Torino, insegnante ripudiata dai genitori per aver avuto una figlia da un senegalese

di redazione Blitz
Pubblicato il 19 giugno 2018 13:13 | Ultimo aggiornamento: 19 giugno 2018 13:13
Torino, insegnante ripudiata dai genitori per aver avuto una figlia da un senegalese

Torino, insegnante ripudiata dai genitori per aver avuto una figlia da un senegalese (Nella foto Facebook, Maurice Bathia, padre della bimba)

TORINO – Ripudiata dai genitori perché ha avuto un bimbo da un uomo senegalese.
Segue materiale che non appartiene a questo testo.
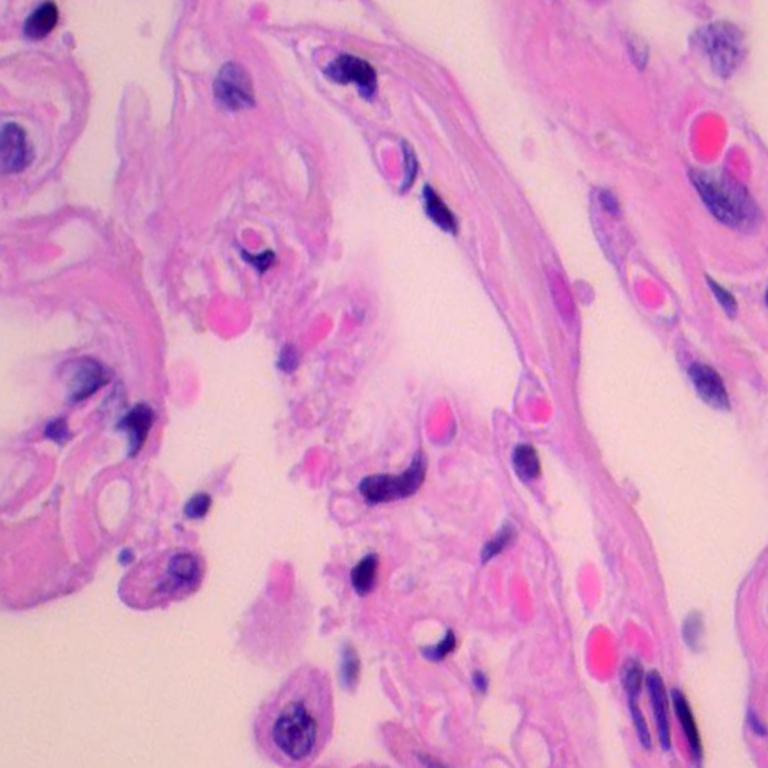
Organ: lung
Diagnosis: benign
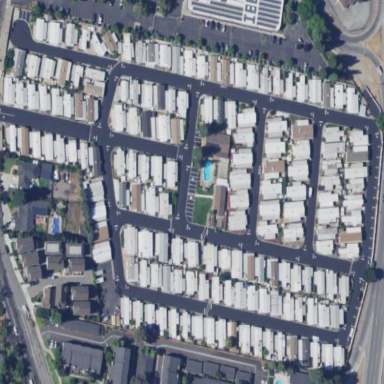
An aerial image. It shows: Residential area designated as trailer park.
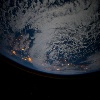
Label: cloud

E’ la storia di una insegnante di 38 anni di Torino. [App di Blitzquotidiano, gratis, clicca qui,- Ladyblitz clicca qui –Cronaca Oggi, App on Google Play] I suoi genitori, proprietari dell’appartamento in cui viveva, quando hanno saputo che da quella relazione con Maurice Bathia, senegalese di 34 anni, era nata una bambina l’hanno lasciata fuori di casa.

“Tu e la bimba va bene, lui no, vuole solo sfruttare i nostri beni, vuole i nostri soldi”, avevano detto alla loro figlia. E quando lei ha rifiutato di cedere alle loro richieste l’hanno chiusa fuori.
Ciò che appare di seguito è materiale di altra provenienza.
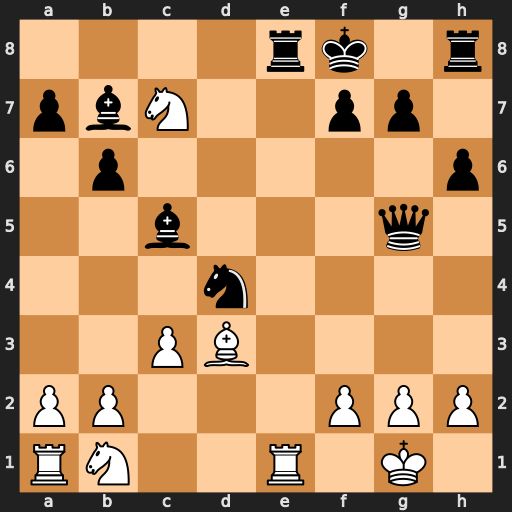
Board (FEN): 4rk1r/pbN2pp1/1p5p/2b3q1/3n4/2PB4/PP3PPP/RN2R1K1
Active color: w
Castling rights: -
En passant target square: -
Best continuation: Rxe8#

Così adesso, racconta La Stampa, la coppia, con la loro piccola Marie Elena di nemmeno un mese, si ritrova a vivere dove capita, ospite di amici. “Ma indietro non torno, anche se tutta questa situazione mi fa soffrire molto, mi ha sconvolto”, dice la donna. “All’inizio della nostra relazione ho tentato di presentare Maurice ai miei, ma non c’è stato verso. Anzi, dopo le pressioni di mamma e, soprattutto del papà, per un po’ ci eravamo anche allontanati. Io ero un po’ disorientata, forse spaventata. Ma poi siamo tornati insieme e ora vogliamo una nostra vita”.
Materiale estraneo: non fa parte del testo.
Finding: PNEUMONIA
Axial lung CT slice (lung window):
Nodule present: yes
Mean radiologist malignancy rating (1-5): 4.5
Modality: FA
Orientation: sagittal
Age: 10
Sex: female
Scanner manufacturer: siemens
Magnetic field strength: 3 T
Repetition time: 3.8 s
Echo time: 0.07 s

Maurice in realtà è perfettamente integrato: diplomato al liceo linguistico, è arrivato in Italia quattro anni fa e adesso lavora a Vercelli per una cooperativa con un contratto a tempo indeterminato come mediatore culturale ed operatore:

“Anche se siamo nel 2018 questo razzismo nei miei confronti non mi sorprende, l’avevo già vissuto durante alcune vicende del CoroMoro, certo non fa piacere. Qui si tratta di mia figlia e a lei non rinuncio – mette subito in chiaro Maurice che, per il suo impiego, ha anche conseguito la patente di guida -. Io non ho mai approfittato di nessuno, non sono un delinquente, sono onesto e sono fiero di quello che faccio. Dai genitori della mia compagna non ho mai visto un soldo, tutto quello che abbiamo fatto è stato affrontato con i nostri sforzi e possiamo andare avanti così. Da loro mi aspettavo che le stessero vicino almeno moralmente e fisicamente”.